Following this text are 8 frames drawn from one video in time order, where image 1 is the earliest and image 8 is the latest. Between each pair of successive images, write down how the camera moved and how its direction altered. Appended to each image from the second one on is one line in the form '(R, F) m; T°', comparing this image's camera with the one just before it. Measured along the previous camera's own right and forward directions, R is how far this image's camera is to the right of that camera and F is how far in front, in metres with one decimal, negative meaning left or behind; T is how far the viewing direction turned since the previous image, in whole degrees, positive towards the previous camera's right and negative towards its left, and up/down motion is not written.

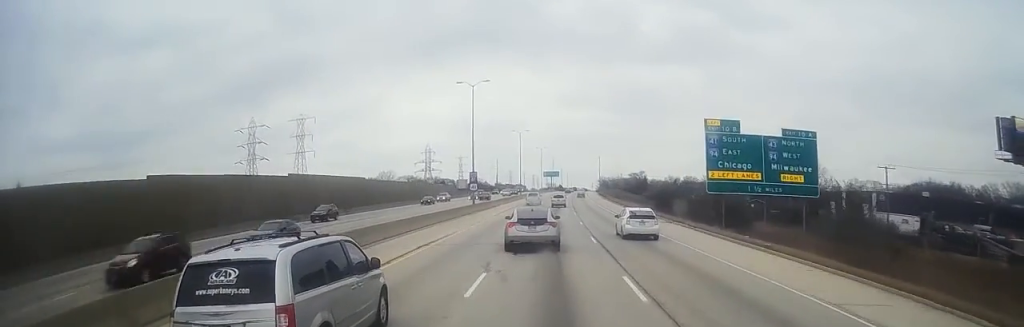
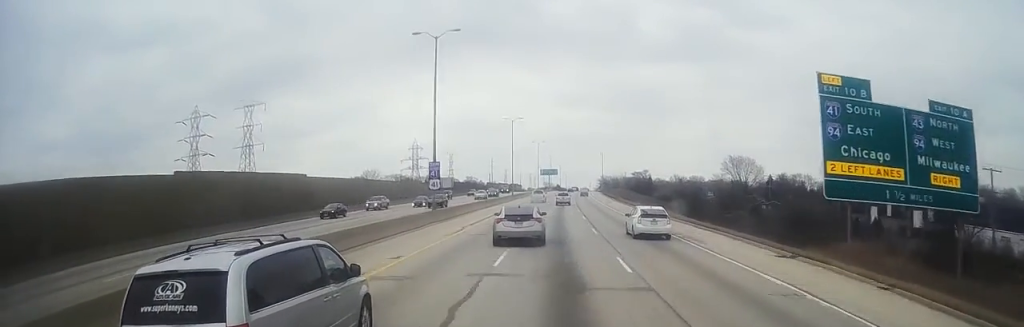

--

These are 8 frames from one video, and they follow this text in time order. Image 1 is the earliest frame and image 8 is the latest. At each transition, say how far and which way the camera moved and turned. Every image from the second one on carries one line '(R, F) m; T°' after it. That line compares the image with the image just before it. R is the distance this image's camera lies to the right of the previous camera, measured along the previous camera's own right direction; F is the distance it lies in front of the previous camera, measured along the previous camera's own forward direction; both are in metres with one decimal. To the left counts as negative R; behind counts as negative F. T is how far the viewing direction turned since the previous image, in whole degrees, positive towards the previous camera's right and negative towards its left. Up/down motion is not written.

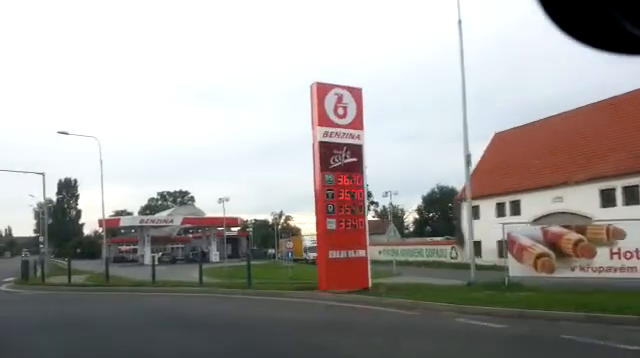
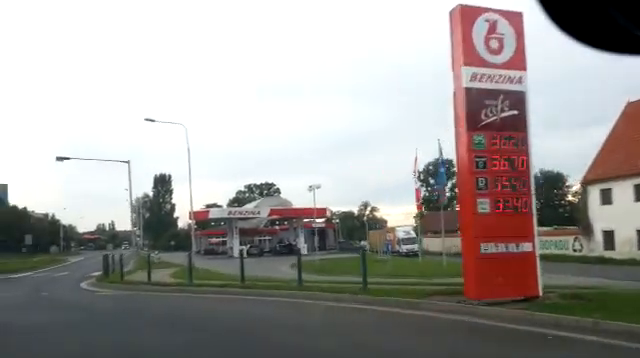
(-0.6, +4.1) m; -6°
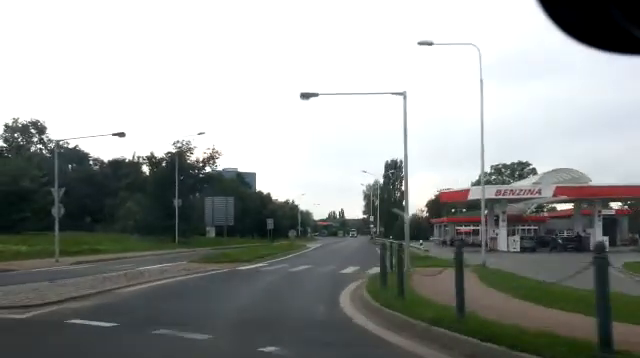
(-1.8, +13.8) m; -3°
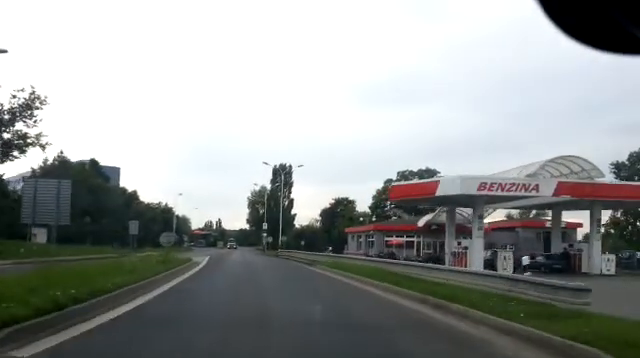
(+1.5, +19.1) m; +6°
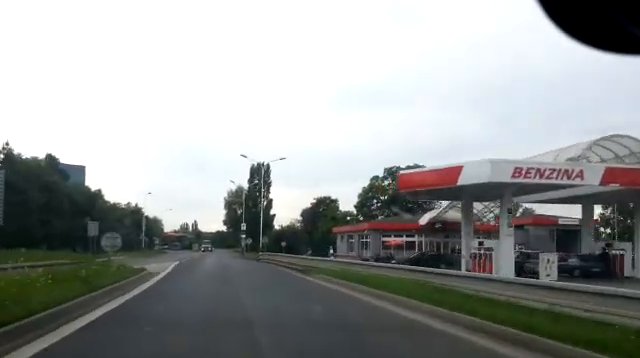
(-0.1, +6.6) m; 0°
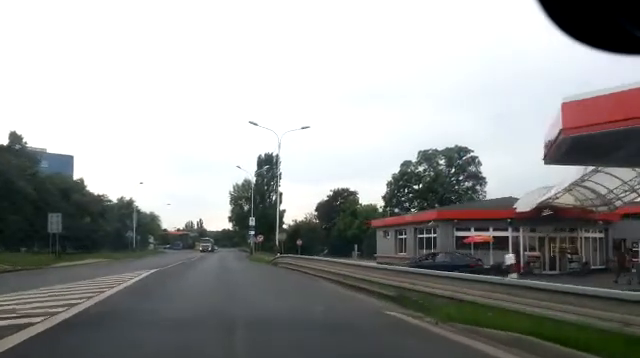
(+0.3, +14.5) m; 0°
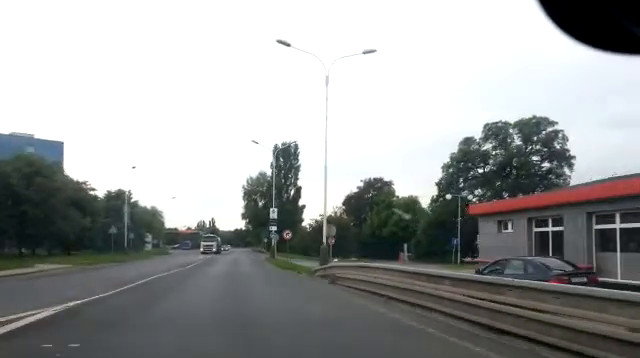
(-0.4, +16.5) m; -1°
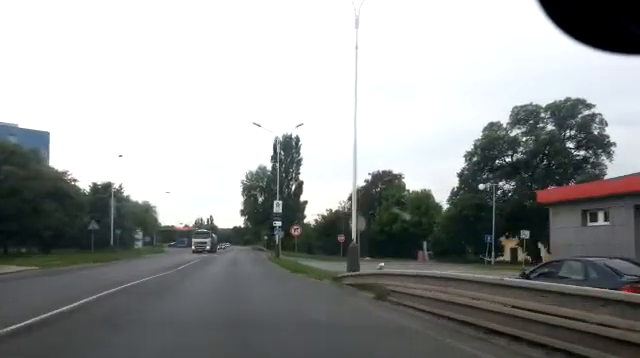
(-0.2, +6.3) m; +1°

==

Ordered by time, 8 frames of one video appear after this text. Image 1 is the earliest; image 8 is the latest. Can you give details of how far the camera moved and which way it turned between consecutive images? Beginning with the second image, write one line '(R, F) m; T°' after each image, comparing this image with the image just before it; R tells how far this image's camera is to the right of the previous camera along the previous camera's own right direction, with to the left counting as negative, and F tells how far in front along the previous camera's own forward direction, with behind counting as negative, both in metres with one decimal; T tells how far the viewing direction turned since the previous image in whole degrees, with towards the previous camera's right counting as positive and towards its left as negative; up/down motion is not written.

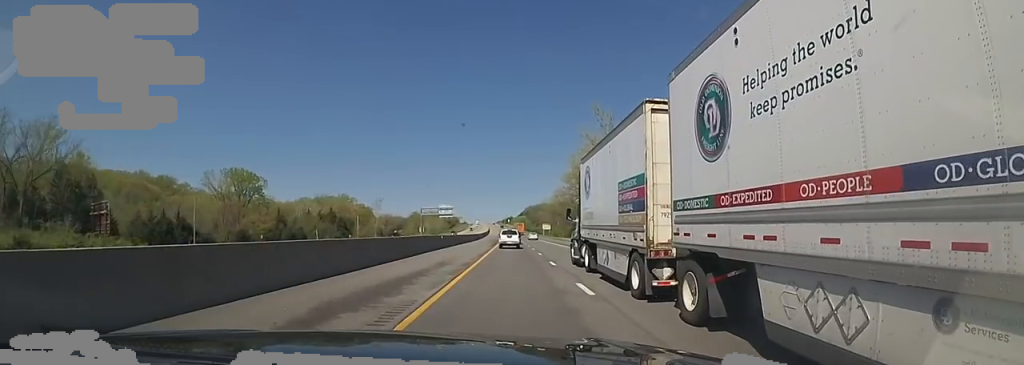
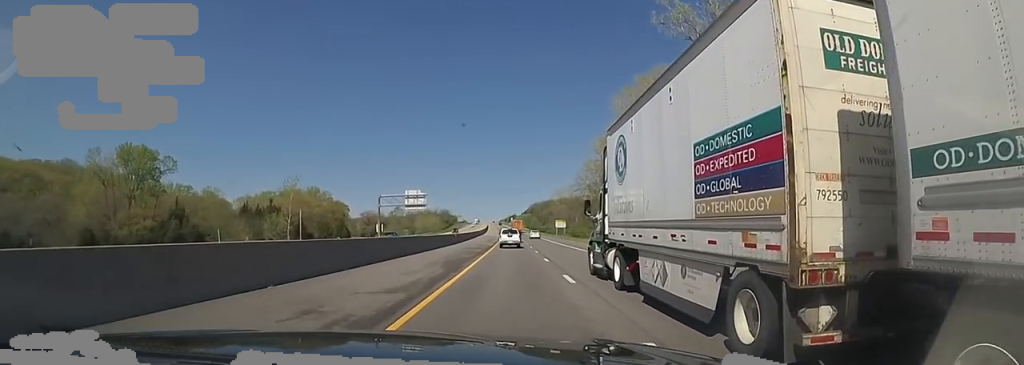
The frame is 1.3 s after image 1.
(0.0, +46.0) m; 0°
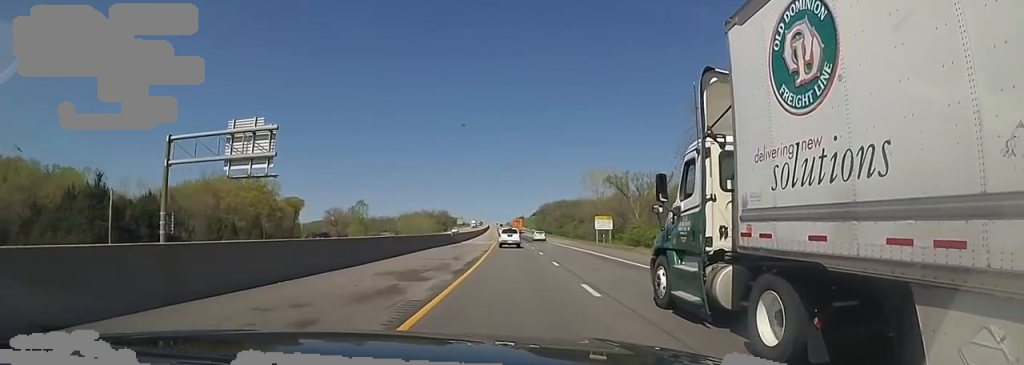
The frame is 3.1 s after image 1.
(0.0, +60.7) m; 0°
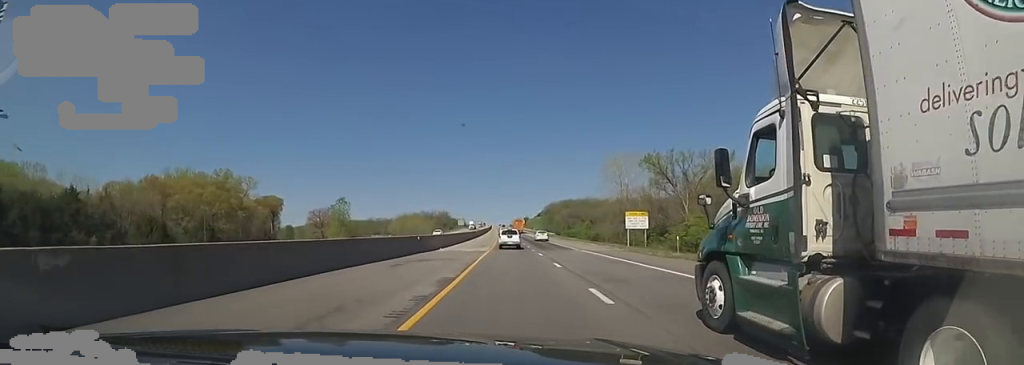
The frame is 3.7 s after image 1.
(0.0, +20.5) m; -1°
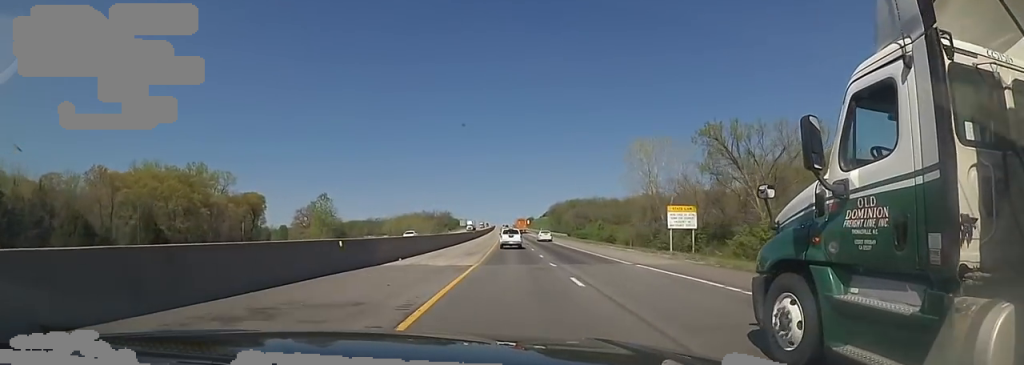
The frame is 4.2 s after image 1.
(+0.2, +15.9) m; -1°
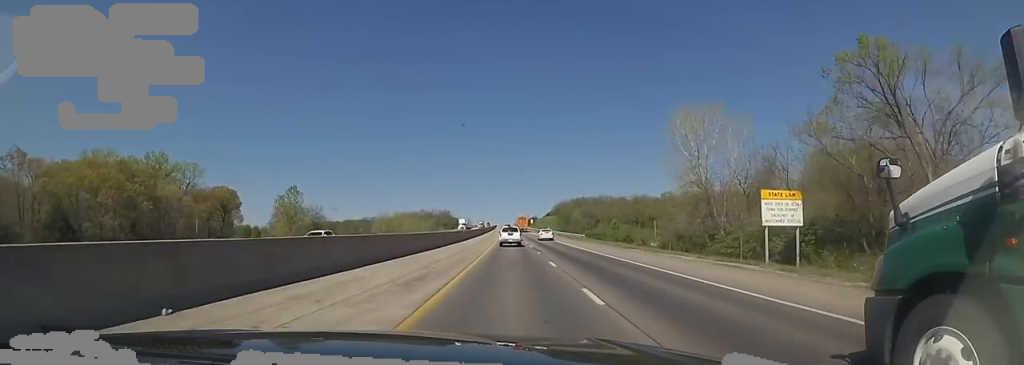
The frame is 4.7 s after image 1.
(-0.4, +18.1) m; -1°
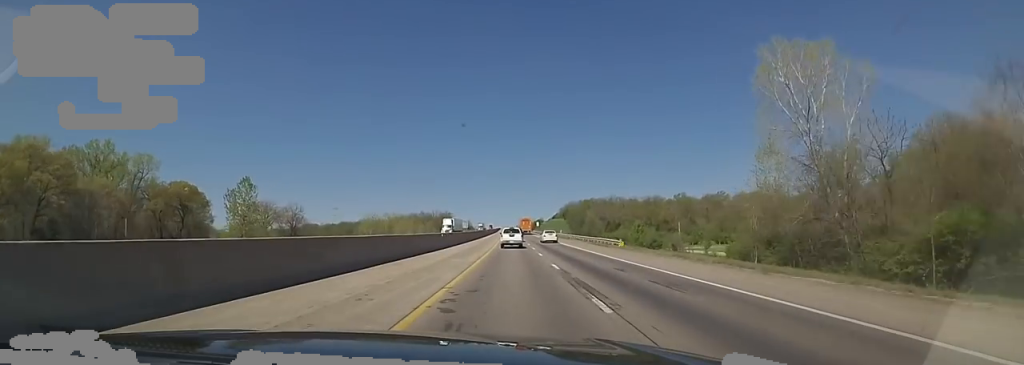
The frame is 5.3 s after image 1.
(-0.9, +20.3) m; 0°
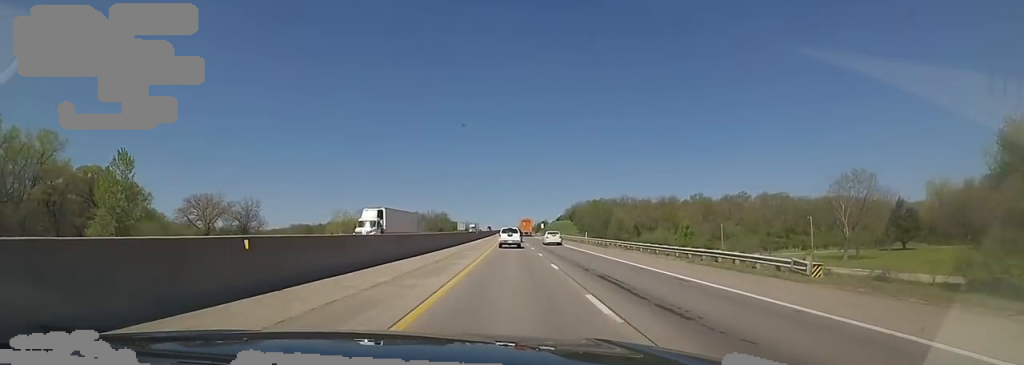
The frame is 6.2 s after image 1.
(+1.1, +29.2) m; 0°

### Requirement
Go through the records above and return every line that holds the string "images".

### Exercise result
Following this text are 8 frames drawn from one video in time order, where image 1 is the earliest and image 8 is the latest. Between each pair of successive images, write down how the camera moved and how its direction altered. Appended to each image from the second one on is one line in the form '(R, F) m; T°', comparing this image's camera with the one just before it. Measured along the previous camera's own right and forward directions, R is how far this image's camera is to the right of that camera and F is how far in front, in metres with one decimal, negative meaning left or behind; T is how far the viewing direction turned since the previous image, in whole degrees, positive towards the previous camera's right and negative towards its left, and up/down motion is not written.
Ordered by time, 8 frames of one video appear after this text. Image 1 is the earliest; image 8 is the latest. Can you give details of how far the camera moved and which way it turned between consecutive images? Beginning with the second image, write one line '(R, F) m; T°' after each image, comparing this image with the image just before it; R tells how far this image's camera is to the right of the previous camera along the previous camera's own right direction, with to the left counting as negative, and F tells how far in front along the previous camera's own forward direction, with behind counting as negative, both in metres with one decimal; T tells how far the viewing direction turned since the previous image in whole degrees, with towards the previous camera's right counting as positive and towards its left as negative; up/down motion is not written.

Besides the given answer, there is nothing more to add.